I had most of the part already machined out the night before, so all I needed to do was poke a few holes for the locating pins and cut it off the stand. For the holes, I used the 1/8" endmill I used to do the rest of the part with and did a pecking drill operation. I really shouldn't have done it with an endmill as it made the hole quite a bit wider than I wanted, and there is a bit too much wiggle room for my liking. If I thought about it, it makes sense, since endmills have side cutting capabilities, any kind of vibration would cut into the walls of the cylinder, whereas a drill bit would only cut down.

After milling out the holes, I then moved over to parting the piece off the base of the stock. This was much easier than I thought it was going to be, I created a sketch on the face of the side I wanted to mill from and made a rectangle in which I could restrict the path of the endmill. I then used an adaptive clearing to remove the material from underneath. Unfortunately, about halfway through the cutting operation, I forgot the stock wasn't perfectly square in the clamp, which caused the endmill to dive into 1/6" of aluminum thinking it was air; this flipped the stock partway out of the clamp. I did get it on camera, and you can almost hear me jump when it happens. 

Thankfully I was able just to loosen the clamp a bit and get it back in place, and after that, it was pretty uneventful. I came in from the four different faces and cut each about 0.8" down then for the last operation left about 0.05," which I would cut off manually. I did this rather than having the endmill cut it all the way off in case the part fell and scraped up the finish on the piece.

I noticed that the holes for the set screw and pins didn't go all the way through the bottom of the part, so I took it over to the drill press and finished the job. I then used the small files I picked up last week to deburr the edges and clean off the bottom, where I parted it off the base.

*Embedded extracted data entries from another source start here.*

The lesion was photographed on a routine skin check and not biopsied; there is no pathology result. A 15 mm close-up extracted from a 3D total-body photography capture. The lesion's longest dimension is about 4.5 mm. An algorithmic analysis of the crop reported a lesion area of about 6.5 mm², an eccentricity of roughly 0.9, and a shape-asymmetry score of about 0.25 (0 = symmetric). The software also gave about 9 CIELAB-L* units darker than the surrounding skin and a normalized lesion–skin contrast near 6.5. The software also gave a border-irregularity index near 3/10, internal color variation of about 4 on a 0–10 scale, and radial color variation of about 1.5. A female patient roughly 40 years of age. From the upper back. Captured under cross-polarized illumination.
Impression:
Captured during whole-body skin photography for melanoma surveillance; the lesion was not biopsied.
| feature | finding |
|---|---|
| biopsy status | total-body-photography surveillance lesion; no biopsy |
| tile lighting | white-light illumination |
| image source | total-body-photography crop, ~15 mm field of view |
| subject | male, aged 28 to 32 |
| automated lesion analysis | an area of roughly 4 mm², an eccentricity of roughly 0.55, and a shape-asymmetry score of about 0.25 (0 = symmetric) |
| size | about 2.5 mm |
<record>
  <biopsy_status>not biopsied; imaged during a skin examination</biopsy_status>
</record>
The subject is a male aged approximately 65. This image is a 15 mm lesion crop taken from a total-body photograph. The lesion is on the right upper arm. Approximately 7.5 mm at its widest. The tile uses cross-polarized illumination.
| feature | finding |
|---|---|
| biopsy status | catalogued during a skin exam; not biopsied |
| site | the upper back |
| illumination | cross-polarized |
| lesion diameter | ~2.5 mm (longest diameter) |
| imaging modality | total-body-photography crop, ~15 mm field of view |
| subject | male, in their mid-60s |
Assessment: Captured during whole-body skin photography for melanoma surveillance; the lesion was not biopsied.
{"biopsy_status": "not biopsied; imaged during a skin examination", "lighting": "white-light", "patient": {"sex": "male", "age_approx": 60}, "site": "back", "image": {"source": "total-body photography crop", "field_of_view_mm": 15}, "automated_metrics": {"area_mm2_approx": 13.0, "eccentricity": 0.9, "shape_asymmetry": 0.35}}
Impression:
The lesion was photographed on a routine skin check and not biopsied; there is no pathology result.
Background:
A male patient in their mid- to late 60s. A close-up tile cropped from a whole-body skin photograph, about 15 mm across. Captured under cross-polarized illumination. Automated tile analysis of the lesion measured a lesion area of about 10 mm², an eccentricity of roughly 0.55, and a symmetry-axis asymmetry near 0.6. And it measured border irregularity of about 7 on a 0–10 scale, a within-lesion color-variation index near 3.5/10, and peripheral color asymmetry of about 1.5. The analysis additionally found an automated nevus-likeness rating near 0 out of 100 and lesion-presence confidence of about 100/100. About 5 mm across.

I then took a piece of bar stock I had that this project was based around and drilled two 0.25" holes on the drill press to match the holes on the new clamp. Since the clamp screws I'd be using are smaller than the 0.25" holes, I had no problem aligning them appropriately to fit. After tightening the clamp screws, it was not going anywhere, super stable!

Since I also now have the new bed/disk that came in today, I removed the old clamp and installed it. It fit perfectly, and I only need to machine a few features on it before its ready for the part I just finished! I just rested the new clamp on the table to see how it would look in its final state.